══ Material provided

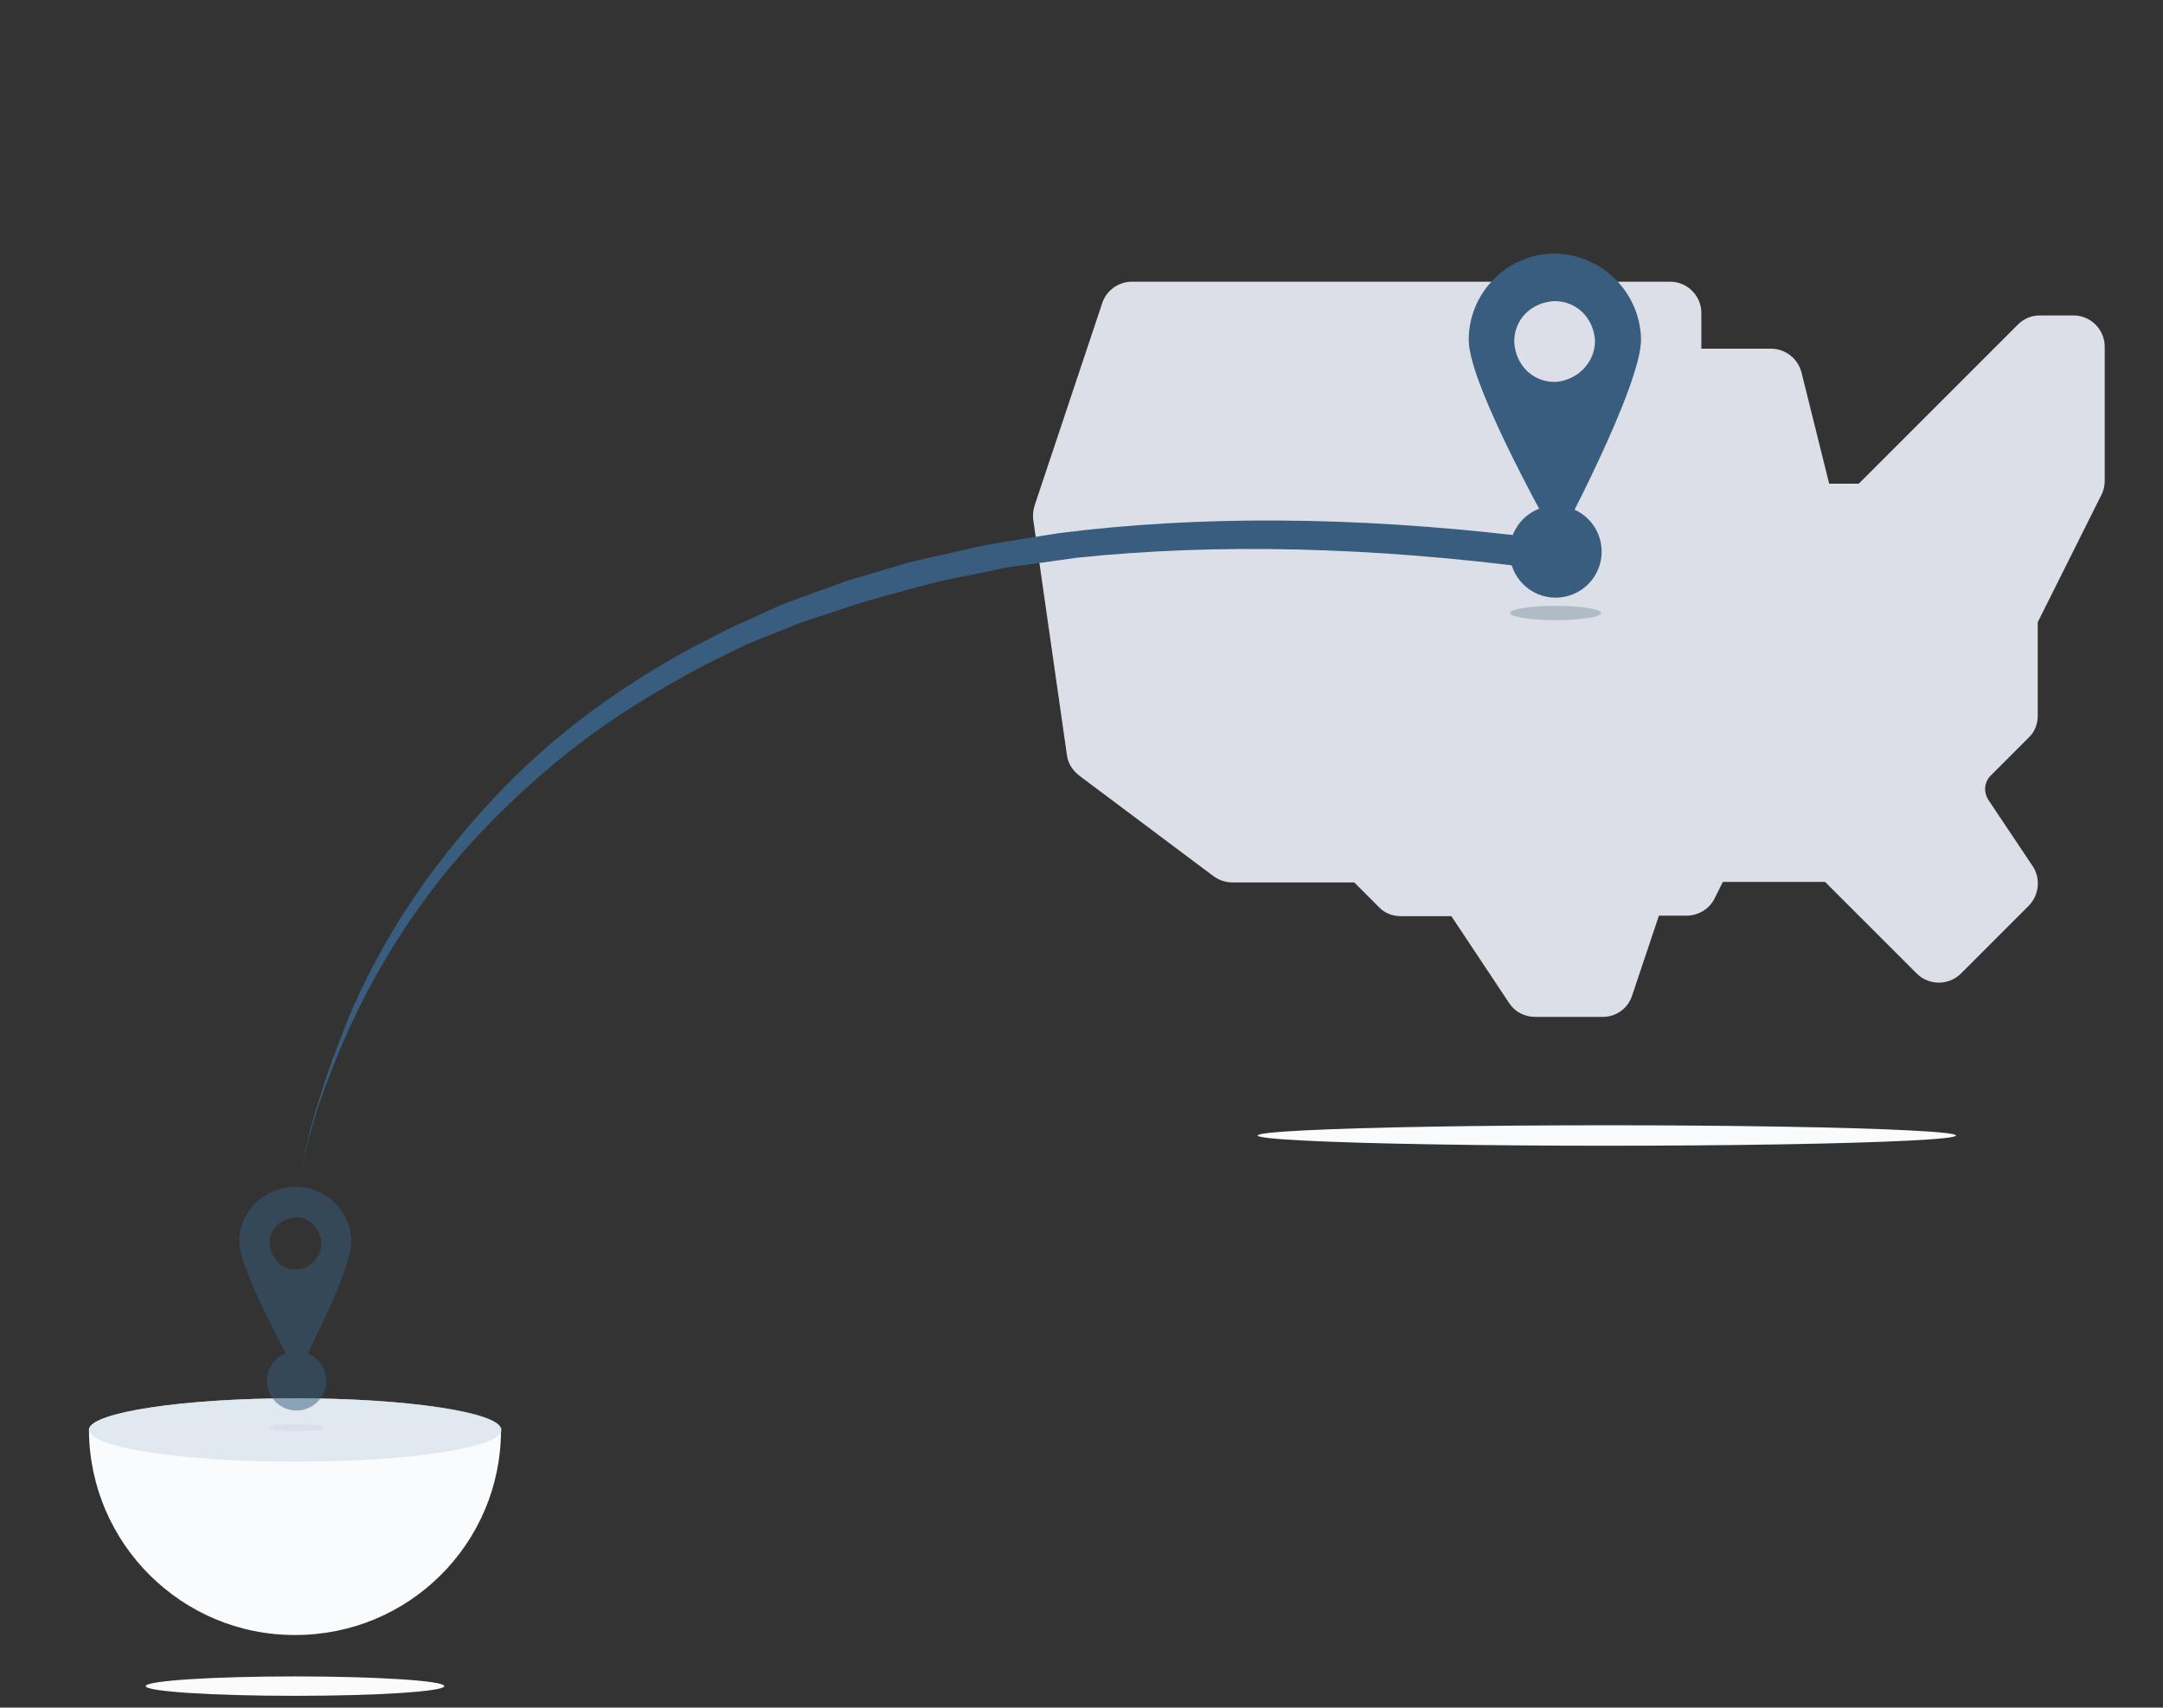<?xml version="1.0" encoding="utf-8"?>
<!-- Generator: Adobe Illustrator 23.1.1, SVG Export Plug-In . SVG Version: 6.00 Build 0)  -->
<svg version="1.1" id="Capa_1" xmlns="http://www.w3.org/2000/svg" xmlns:xlink="http://www.w3.org/1999/xlink" x="0px" y="0px"
	 viewBox="0 0 423.1 334" style="enable-background:new 0 0 423.1 334;" xml:space="preserve">
<rect x="0" y="0" width="423.1" height="334" fill="#333333" stroke="none"/>
<style type="text/css">
	.st0{fill:#DCDFE8;}
	.st1{fill:#385D7E;}
	.st2{fill:#AFBCC6;}
	.st3{fill:#F9FBFC;}
	.st4{opacity:0.7;fill:#D8E2EB;enable-background:new    ;}
	.st5{opacity:0.5;}
	.st6{fill:#CFDAE2;}
</style>
<path class="st0" d="M313.5,198.9h-13.2c-2.1,0-4-1-5.1-2.7l-11.3-17H274c-1.6,0-3.2-0.6-4.3-1.8l-4.8-4.8h-23.8
	c-1.3,0-2.6-0.4-3.7-1.2l-26.3-19.7c-1.3-1-2.2-2.4-2.4-4l-6.6-46.1c-0.1-0.9,0-1.9,0.3-2.8l13.2-39.5c0.8-2.5,3.2-4.2,5.8-4.2
	h105.3c3.4,0,6.1,2.8,6.1,6.1v7h13.6c2.8,0,5.3,1.9,6,4.7l5.4,21.7h5.8l31.1-31.1c1.2-1.2,2.7-1.8,4.3-1.8h6.6
	c3.4,0,6.1,2.8,6.1,6.1V94c0,1-0.2,1.9-0.6,2.7l-12.5,25v18.3c0,1.6-0.6,3.2-1.8,4.3l-7.4,7.4c-1.3,1.3-1.4,3.2-0.5,4.7l8.7,13
	c1.6,2.4,1.3,5.7-0.8,7.8l-13.2,13.2c-2.4,2.4-6.3,2.4-8.7,0l-17.9-17.9h-20l-1.6,3.2c-1,2.1-3.2,3.4-5.5,3.4h-5.4l-5.2,15.5
	C318.5,197.2,316.2,198.9,313.5,198.9z"/>
<g>
	<g>
		<circle class="st1" cx="304.3" cy="107.9" r="9"/>
		<path class="st1" d="M303.9,49.6c-9.2,0.1-16.7,7.8-16.6,17s17.4,39.5,17.4,39.5s16.4-30.6,16.3-39.8
			C320.8,57.1,313.2,49.6,303.9,49.6z M304.3,74.7c-4.5,0.1-7.8-3.3-8.1-7.7c-0.1-4.5,3.3-7.8,7.7-8.1c4.5-0.1,7.8,3.3,8.1,7.7l0,0
			C312,71.1,308.4,74.4,304.3,74.7z"/>
	</g>
	<ellipse class="st2" cx="304.3" cy="119.9" rx="8.9" ry="1.4"/>
</g>
<ellipse class="st3" cx="314.3" cy="222.1" rx="68.3" ry="2"/>
<g>
	<path class="st1" d="M300.7,111.2c-32.1-4.2-62.4-5-90.1-2.1l-10,1.4c-1.7,0.2-3.4,0.4-5.1,0.8l-4.8,1c-3.3,0.6-6.5,1.3-9.6,2.1
		l-9.2,2.5c-3.1,0.8-5.9,1.8-8.9,2.8s-5.9,1.8-8.6,3l-8.3,3.3l-7.9,3.9c-10.3,5.4-19.9,11.4-28.6,18.5s-16.4,14.8-23.2,23.2
		c-6.8,8.6-12.6,17.9-17.3,27.9c-2.4,5-4.5,10.3-6.4,15.6c-1.8,5.4-3.4,11-4.2,16.9c0.8-6,2.3-11.8,4-17.2c1.7-5.5,3.7-10.8,5.8-16
		c4.4-10.4,10-19.9,16.5-28.6s13.9-16.9,22.3-24.2c8.3-7.2,17.8-13.6,28-19.2l7.8-4l8.2-3.7c2.7-1.3,5.7-2.2,8.5-3.3
		c3-1,5.7-2.2,8.8-3l9.1-2.7c3.1-0.8,6.4-1.5,9.6-2.2l4.8-1.1c1.6-0.3,3.3-0.6,5.1-0.9l10-1.6c27.4-3.5,57.7-3.3,90.2,0.5
		L300.7,111.2z"/>
</g>
<ellipse class="st3" cx="57.7" cy="329.8" rx="29.2" ry="1.9"/>
<g>
	<path class="st3" d="M98,279.7c0-0.1,0-0.1,0-0.1v-0.1l0,0c-0.5-3.3-18.8-6-40.3-6s-39.7,2.7-40.3,6l0,0v0.1c0,0.1,0,0.1,0,0.1l0,0
		l0,0c0.1,22.2,18.2,40.2,40.4,40.1C80,319.8,98,301.9,98,279.7L98,279.7L98,279.7z"/>
	<ellipse class="st4" cx="57.8" cy="279.7" rx="40.3" ry="6.2"/>
</g>
<g class="st5">
	<circle class="st1" cx="58" cy="270.1" r="5.8"/>
	<path class="st1" d="M57.6,232.1c-6,0.2-10.9,4.9-10.8,10.9c0.2,6,11.3,25.7,11.3,25.7s10.8-20,10.6-26
		C68.6,236.9,63.8,232.1,57.6,232.1z M58,248.3c-2.9,0.2-4.9-2.2-5.3-4.9c-0.2-2.9,2.2-4.9,4.9-5.3c2.9-0.2,4.9,2.2,5.3,4.9l0,0
		C62.9,246,60.5,248.2,58,248.3z"/>
	<ellipse class="st6" cx="58" cy="279.2" rx="5.4" ry="0.7"/>
</g>
</svg>

════

**Required work:** What is needed is an exact repetition of every entry, without the pictures.

**Written response:**
<?xml version="1.0" encoding="utf-8"?>
<!-- Generator: Adobe Illustrator 23.1.1, SVG Export Plug-In . SVG Version: 6.00 Build 0)  -->
<svg version="1.1" id="Capa_1" xmlns="http://www.w3.org/2000/svg" xmlns:xlink="http://www.w3.org/1999/xlink" x="0px" y="0px"
	 viewBox="0 0 423.1 334" style="enable-background:new 0 0 423.1 334;" xml:space="preserve">
<rect x="0" y="0" width="423.1" height="334" fill="#333333" stroke="none"/>
<style type="text/css">
	.st0{fill:#DCDFE8;}
	.st1{fill:#385D7E;}
	.st2{fill:#AFBCC6;}
	.st3{fill:#F9FBFC;}
	.st4{opacity:0.7;fill:#D8E2EB;enable-background:new    ;}
	.st5{opacity:0.5;}
	.st6{fill:#CFDAE2;}
</style>
<path class="st0" d="M313.5,198.9h-13.2c-2.1,0-4-1-5.1-2.7l-11.3-17H274c-1.6,0-3.2-0.6-4.3-1.8l-4.8-4.8h-23.8
	c-1.3,0-2.6-0.4-3.7-1.2l-26.3-19.7c-1.3-1-2.2-2.4-2.4-4l-6.6-46.1c-0.1-0.9,0-1.9,0.3-2.8l13.2-39.5c0.8-2.5,3.2-4.2,5.8-4.2
	h105.3c3.4,0,6.1,2.8,6.1,6.1v7h13.6c2.8,0,5.3,1.9,6,4.7l5.4,21.7h5.8l31.1-31.1c1.2-1.2,2.7-1.8,4.3-1.8h6.6
	c3.4,0,6.1,2.8,6.1,6.1V94c0,1-0.2,1.9-0.6,2.7l-12.5,25v18.3c0,1.6-0.6,3.2-1.8,4.3l-7.4,7.4c-1.3,1.3-1.4,3.2-0.5,4.7l8.7,13
	c1.6,2.4,1.3,5.7-0.8,7.8l-13.2,13.2c-2.4,2.4-6.3,2.4-8.7,0l-17.9-17.9h-20l-1.6,3.2c-1,2.1-3.2,3.4-5.5,3.4h-5.4l-5.2,15.5
	C318.5,197.2,316.2,198.9,313.5,198.9z"/>
<g>
	<g>
		<circle class="st1" cx="304.3" cy="107.9" r="9"/>
		<path class="st1" d="M303.9,49.6c-9.2,0.1-16.7,7.8-16.6,17s17.4,39.5,17.4,39.5s16.4-30.6,16.3-39.8
			C320.8,57.1,313.2,49.6,303.9,49.6z M304.3,74.7c-4.5,0.1-7.8-3.3-8.1-7.7c-0.1-4.5,3.3-7.8,7.7-8.1c4.5-0.1,7.8,3.3,8.1,7.7l0,0
			C312,71.1,308.4,74.4,304.3,74.7z"/>
	</g>
	<ellipse class="st2" cx="304.3" cy="119.9" rx="8.9" ry="1.4"/>
</g>
<ellipse class="st3" cx="314.3" cy="222.1" rx="68.3" ry="2"/>
<g>
	<path class="st1" d="M300.7,111.2c-32.1-4.2-62.4-5-90.1-2.1l-10,1.4c-1.7,0.2-3.4,0.4-5.1,0.8l-4.8,1c-3.3,0.6-6.5,1.3-9.6,2.1
		l-9.2,2.5c-3.1,0.8-5.9,1.8-8.9,2.8s-5.9,1.8-8.6,3l-8.3,3.3l-7.9,3.9c-10.3,5.4-19.9,11.4-28.6,18.5s-16.4,14.8-23.2,23.2
		c-6.8,8.6-12.6,17.9-17.3,27.9c-2.4,5-4.5,10.3-6.4,15.6c-1.8,5.4-3.4,11-4.2,16.9c0.8-6,2.3-11.8,4-17.2c1.7-5.5,3.7-10.8,5.8-16
		c4.4-10.4,10-19.9,16.5-28.6s13.9-16.9,22.3-24.2c8.3-7.2,17.8-13.6,28-19.2l7.8-4l8.2-3.7c2.7-1.3,5.7-2.2,8.5-3.3
		c3-1,5.7-2.2,8.8-3l9.1-2.7c3.1-0.8,6.4-1.5,9.6-2.2l4.8-1.1c1.6-0.3,3.3-0.6,5.1-0.9l10-1.6c27.4-3.5,57.7-3.3,90.2,0.5
		L300.7,111.2z"/>
</g>
<ellipse class="st3" cx="57.7" cy="329.8" rx="29.2" ry="1.9"/>
<g>
	<path class="st3" d="M98,279.7c0-0.1,0-0.1,0-0.1v-0.1l0,0c-0.5-3.3-18.8-6-40.3-6s-39.7,2.7-40.3,6l0,0v0.1c0,0.1,0,0.1,0,0.1l0,0
		l0,0c0.1,22.2,18.2,40.2,40.4,40.1C80,319.8,98,301.9,98,279.7L98,279.7L98,279.7z"/>
	<ellipse class="st4" cx="57.8" cy="279.7" rx="40.3" ry="6.2"/>
</g>
<g class="st5">
	<circle class="st1" cx="58" cy="270.1" r="5.8"/>
	<path class="st1" d="M57.6,232.1c-6,0.2-10.9,4.9-10.8,10.9c0.2,6,11.3,25.7,11.3,25.7s10.8-20,10.6-26
		C68.6,236.9,63.8,232.1,57.6,232.1z M58,248.3c-2.9,0.2-4.9-2.2-5.3-4.9c-0.2-2.9,2.2-4.9,4.9-5.3c2.9-0.2,4.9,2.2,5.3,4.9l0,0
		C62.9,246,60.5,248.2,58,248.3z"/>
	<ellipse class="st6" cx="58" cy="279.2" rx="5.4" ry="0.7"/>
</g>
</svg>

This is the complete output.